By Bhavik Patel
Gold prices are consolidating and has so far ignored hawkish comments from Federal Reserve Chair Jerome Powell. Market came back into its tight trading range after touching $2000 at the start of the week. But strong US Treasury yield which is inching towards 3% is creating headwinds for gold. Powell said that a half-point interest rate increase will be “on the table” when the Fed meets in May, adding it would be appropriate to “be moving a little more quickly”. This is negative for gold but the market remains unfazed by the comment as participants have already factored 50 bps rate hike in May.
Helping gold is the fact that the U.S. dollar didn’t find much traction as the Federal Reserve’s monetary policy stance is a stark difference compared to the European Central Bank’s trajectory. ECB President Christine Lagarde, reiterated Europe’s more patient stance even as the region faces rising downside risks to the economy and upside inflation pressures.
The key theme for precious metals will remain Russia’s invasion of Ukraine, high inflation, economic growth concerns, and the upcoming interest rate hikes by central banks. Demand for gold has been increasing against rising inflation as we have seen healthy growth in the jewellery sector and inflows by Gold ETFs. The $1900 is good support for gold and any breach below that would push the outlook into a negative trend.

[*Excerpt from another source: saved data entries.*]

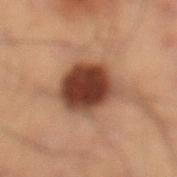Assessment: Captured during whole-body skin photography for melanoma surveillance; the lesion was not biopsied. Context: Measured at roughly 6.5 mm in maximum diameter. On the left lower leg. This is a cross-polarized tile. A male patient about 40 years old. A close-up tile cropped from a whole-body skin photograph, about 15 mm across.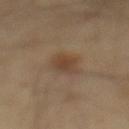Assessment: Part of a total-body skin-imaging series; this lesion was reviewed on a skin check and was not flagged for biopsy. Context: Measured at roughly 3.5 mm in maximum diameter. Automated image analysis of the tile measured a lesion area of about 6.5 mm² and a shape eccentricity near 0.8. It also reported a mean CIELAB color near L≈42 a*≈15 b*≈29, roughly 8 lightness units darker than nearby skin, and a normalized border contrast of about 7. It also reported a border-irregularity rating of about 2.5/10, internal color variation of about 3.5 on a 0–10 scale, and radial color variation of about 1. From the mid back. The patient is a male aged 38–42. A 15 mm crop from a total-body photograph taken for skin-cancer surveillance. Captured under cross-polarized illumination.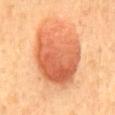Imaged during a routine full-body skin examination; the lesion was not biopsied and no histopathology is available. The subject is a male in their mid-40s. Longest diameter approximately 8 mm. The lesion is on the mid back. A region of skin cropped from a whole-body photographic capture, roughly 15 mm wide. An algorithmic analysis of the crop reported a lesion color around L≈60 a*≈30 b*≈39 in CIELAB, roughly 13 lightness units darker than nearby skin, and a lesion-to-skin contrast of about 8.5 (normalized; higher = more distinct). And it measured border irregularity of about 3 on a 0–10 scale, a color-variation rating of about 7/10, and radial color variation of about 2.5. It also reported an automated nevus-likeness rating near 100 out of 100 and a lesion-detection confidence of about 100/100.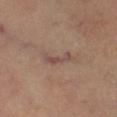biopsy status = no biopsy performed (imaged during a skin exam) | anatomic site = the right lower leg | lesion size = ≈3.5 mm | patient = male, approximately 60 years of age | lighting = cross-polarized | image source = ~15 mm crop, total-body skin-cancer survey.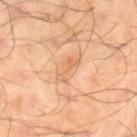notes=catalogued during a skin exam; not biopsied
subject=male, aged 63 to 67
image-analysis metrics=a mean CIELAB color near L≈62 a*≈22 b*≈36, a lesion–skin lightness drop of about 7, and a normalized border contrast of about 5
lighting=cross-polarized
lesion diameter=about 3.5 mm
image=15 mm crop, total-body photography
body site=the leg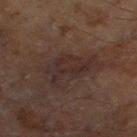Context:
From the left thigh. Approximately 6 mm at its widest. A roughly 15 mm field-of-view crop from a total-body skin photograph. Automated image analysis of the tile measured a footprint of about 14 mm², an outline eccentricity of about 0.8 (0 = round, 1 = elongated), and a shape-asymmetry score of about 0.35 (0 = symmetric). The software also gave an average lesion color of about L≈22 a*≈12 b*≈15 (CIELAB), about 5 CIELAB-L* units darker than the surrounding skin, and a lesion-to-skin contrast of about 6 (normalized; higher = more distinct). The software also gave a lesion-detection confidence of about 95/100. A male patient, about 70 years old. The tile uses cross-polarized illumination.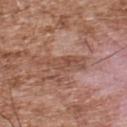Recorded during total-body skin imaging; not selected for excision or biopsy. Captured under white-light illumination. The lesion is on the back. A region of skin cropped from a whole-body photographic capture, roughly 15 mm wide. A male patient in their mid- to late 50s. The lesion-visualizer software estimated an average lesion color of about L≈50 a*≈21 b*≈28 (CIELAB), a lesion–skin lightness drop of about 8, and a normalized border contrast of about 6. And it measured a color-variation rating of about 3/10 and radial color variation of about 1. It also reported a classifier nevus-likeness of about 0/100 and a lesion-detection confidence of about 60/100. Approximately 5.5 mm at its widest.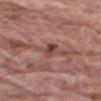<tbp_lesion>
  <biopsy_status>not biopsied; imaged during a skin examination</biopsy_status>
  <lighting>white-light</lighting>
  <automated_metrics>
    <eccentricity>0.8</eccentricity>
    <shape_asymmetry>0.2</shape_asymmetry>
    <border_irregularity_0_10>2.0</border_irregularity_0_10>
    <peripheral_color_asymmetry>2.0</peripheral_color_asymmetry>
    <nevus_likeness_0_100>0</nevus_likeness_0_100>
  </automated_metrics>
  <image>
    <source>total-body photography crop</source>
    <field_of_view_mm>15</field_of_view_mm>
  </image>
  <patient>
    <sex>male</sex>
    <age_approx>70</age_approx>
  </patient>
  <site>right upper arm</site>
</tbp_lesion>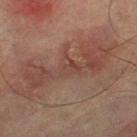Assessment:
The lesion was photographed on a routine skin check and not biopsied; there is no pathology result.
Context:
The lesion is on the left thigh. A male patient, aged 73 to 77. A lesion tile, about 15 mm wide, cut from a 3D total-body photograph.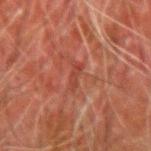biopsy status: imaged on a skin check; not biopsied | subject: male, aged around 80 | location: the right forearm | lesion diameter: ≈3 mm | image: ~15 mm tile from a whole-body skin photo | TBP lesion metrics: a lesion color around L≈34 a*≈24 b*≈26 in CIELAB and a lesion-to-skin contrast of about 5 (normalized; higher = more distinct); a border-irregularity rating of about 3.5/10, a color-variation rating of about 0/10, and radial color variation of about 0; an automated nevus-likeness rating near 0 out of 100 and a detector confidence of about 90 out of 100 that the crop contains a lesion.

Near term charts have started showing signs of weakness as prices are trading under the 200 day moving average. The 51000 is decent support for gold in MCX while $1905 continues to remain strong support in COMEX. Gold has given breakout from inverse head and shoulder chart pattern on hourly chart in MCX and has retraced to test the neckline. If prices break 52100 then the pattern validation will end.
Gold had moved from 52200 to 53600 after breakout from inverse head and shoulder pattern. Now gold is on a crossroads where if it trades above 53000, the upside momentum can continue till 54000 while breaching the level below 52100 would open doors for 51000. Upside remains limited on account of rising US Treasury yields and expectation of rate hike from the US. So we are neutral for next week and one can trade long above 53000 or short below 52000. There is no clear direction for gold as long as it is trading in the range of 52000-53000.
(Bhavik Patel is a commodity and currency analyst at Tradebull Securities. Views expressed are the author’s own. Please consult your financial advisor before investing.)